Good afternoon all! Welcome back to Wednesday and the next issue of White Dwarf. This week we are going to be looking at Issue #51 from March 1984. We have this awesome cover. As can be expected I remember this one well. I loved the idea of the caster gathering something in her right hand to blast her enemies with the left. To me this meant she was an evil witch or a "Left Hand Path" witch. Don't know what the artist meant it to be, but that is what it was to me.
Ian Livingstone's editorial discusses changes, not just in the world and the gaming industry, but also in White Dwarf. We will be getting some new articles soon including coverage on Car Wars and minis. The big changes coming up though are color (excuse me, colour) interiors, more pages and a 10 pence price increase.
First up is Gifts From the Gods: Religion and Magic in AD&D by Thomas Mullen. This continues from last issue's installment. While I recalled the previous issue well, this one is drawing a blank for me.
Open Box has some more classics. First, two from Chaosium, Cthulhu Companion and Superworld. Both get a 7/10 from Jon Sutherland. CC gets downgraded because of it's use mainly for Keepers. Fantasy Games Unlimited gives us Dardevils and Daredevils Adventures 2. Marcus Rowland gives them a 8/10 and 7/10 respectively. Andy Slack turns away from Traveller to review Star Frontiers Knight Hawks. He praises the Campaign book comparing it favorably to Traveller's offerings. He gives it 8/10.
Next is Critical Mass and the lengths Thrud will go to for a drink.
Richard Hanniwell has an article about thieves in Warhammer. The cross game appeal for this article is evident in the different types of thieves. Oddly enough "Pickpocket" is not one of them.
After that is new RuneQuest story featuring Griselda.
Starbase has an article by Bob McWilliams on extending UPPs for NPCs.
The Black Broo of Dyskund is a color RuneQuest Cavern Crawl.
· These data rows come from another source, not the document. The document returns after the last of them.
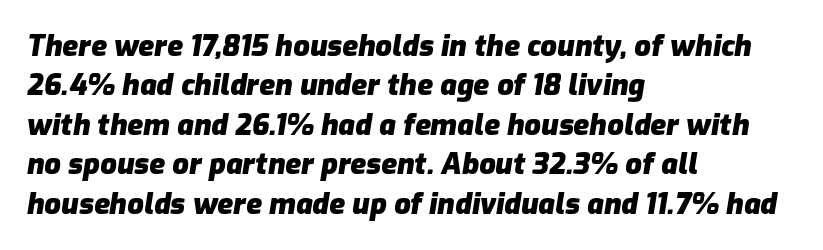
This is oblique type, the kind used for emphasis or titles. All the whitespace from short lines collects on the right. Notice how thick the strokes are: this is what a full bold looks like. Vertical spacing — default. Any mark beneath the type? The region is blank. Each word holds together tightly as a unit, with standard inter-letter gaps.
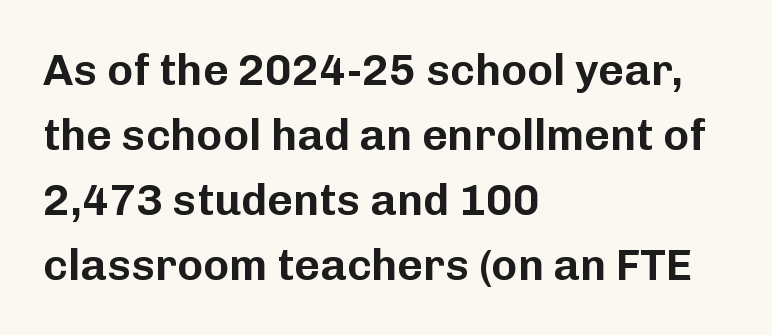
Q: Is the text italic (slanted)? A: No, it is upright.
Q: Is the typeface a serif or a sans-serif typeface? A: Sans-serif.
Q: Is the text underlined? A: No.
Q: How is the paragraph aligned? A: Left-aligned.
Q: Is the spacing between letters normal or unusually wide? A: Normal.
Q: Is the spacing between lines tight, normal or loose? A: Normal.
Q: Width (condensed, normal, or wide)? A: Normal.
Q: Stroke contrast? A: Low.
Q: x-height? A: Medium.
Q: Monospaced? A: No.

Plenty of cults and new monsters in this one. The adventure itself looks fun, but an evil cult hiding in the caves? I think that was cliche even in 1984.
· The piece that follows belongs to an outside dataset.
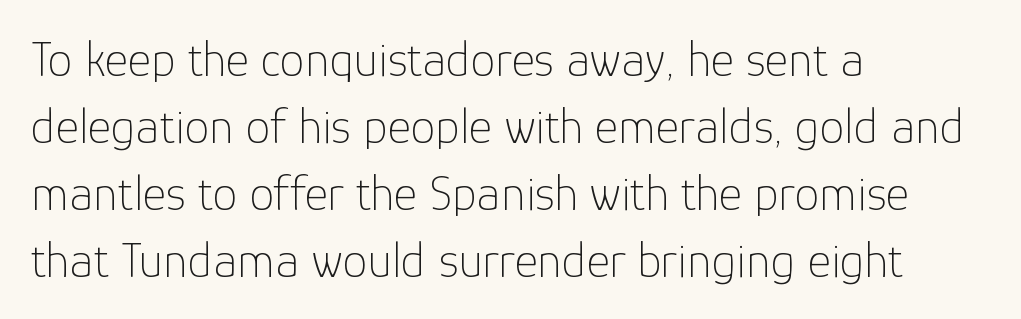
These lines sit exactly where default settings would place them. Here the designer chose a conventional face with non-uniform glyph widths. A typesetter would label this face a sans. Upright lettering throughout. These lines are set flush left with a ragged right edge. The typesetting does not lean heavy: it is not bold.
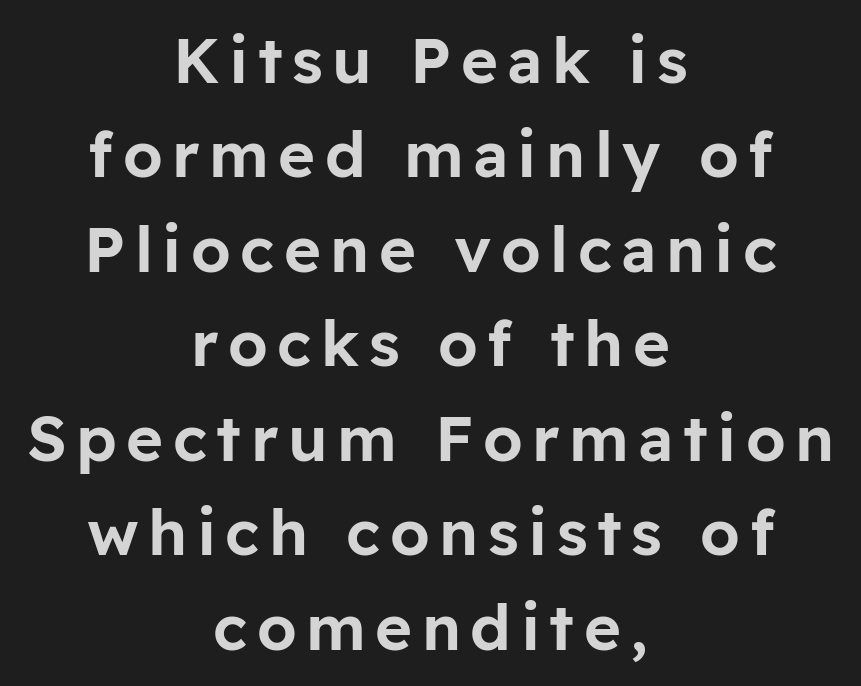
The image shows 63 px sans-serif type, upright; set centered, normal line spacing (1.5x), not underlined; low stroke contrast and a medium x-height.

Letters is a general bunch. Some liking the new improvements, others not.
Comics Gobbledigook and the Travellers follow.
An AD&D scenario is next. Also in color (well mostly blues and greens like the Black Broo). Four pages, it is a respectable size.
Fiend Factory has Creatures in Exile Based on Julian May's The Saga of the Exiles novels: Firvulag, Tanu (human off-shoot), and Howlers.
RuineRites has an article by Russell Massey on RuneQuest Economics. There is a lot of good information here that can be used anywhere. Granted in 84 I was not thinking about Dungeon Econ 101, but today it is something I consider.
Treasure Chest gives us "A Page of Many Things" which is a bunch of small articles. A cart for pulling all that gold you clean out of a dungeon (unless your GM read the last article), a word search and drowning rules for D&D.
Ads, small ads and classifieds follow. Can you speak French, well is so then Game's Workshop is (was) looking for a salesman for France.
We end with an ad for Gamma World.
Ok, so another transitional issue. The D&D content is much lower than the past though there was hardly any Traveller content outside of Starbase. I do enjoy seeing more games being covered and right now the balance might still be weighted a bit more towards D&D, it is getting better.
Also the last issue at 75p.
1 comment:
Re your comments on the Black Broo of Dyskund, this is one of the things that RQ did well, though - taking a cliched concept and making it good. This was the first scenario where caves felt like real caves, with squeezes and sumps and strange remote caverns.
As for the article Gifts from the Gods, this was, to my knowledge, the first time anyone had mooted different spells lists for clerics of different gods (the crunch follow-up come next issue unless I miss my guess). I adopted this wholeheartedly. The first official variant of this I saw was in the Dragonlance Adventures hardback, some years later.
Finally, the AD&D adventure is, I think, Ballad of Times Past, which is a nice idea (if linear) but limited in use because the whole adventure concept requires a fundamental change in the way magic works. Could be good for spring-boarding a campaign, I guess.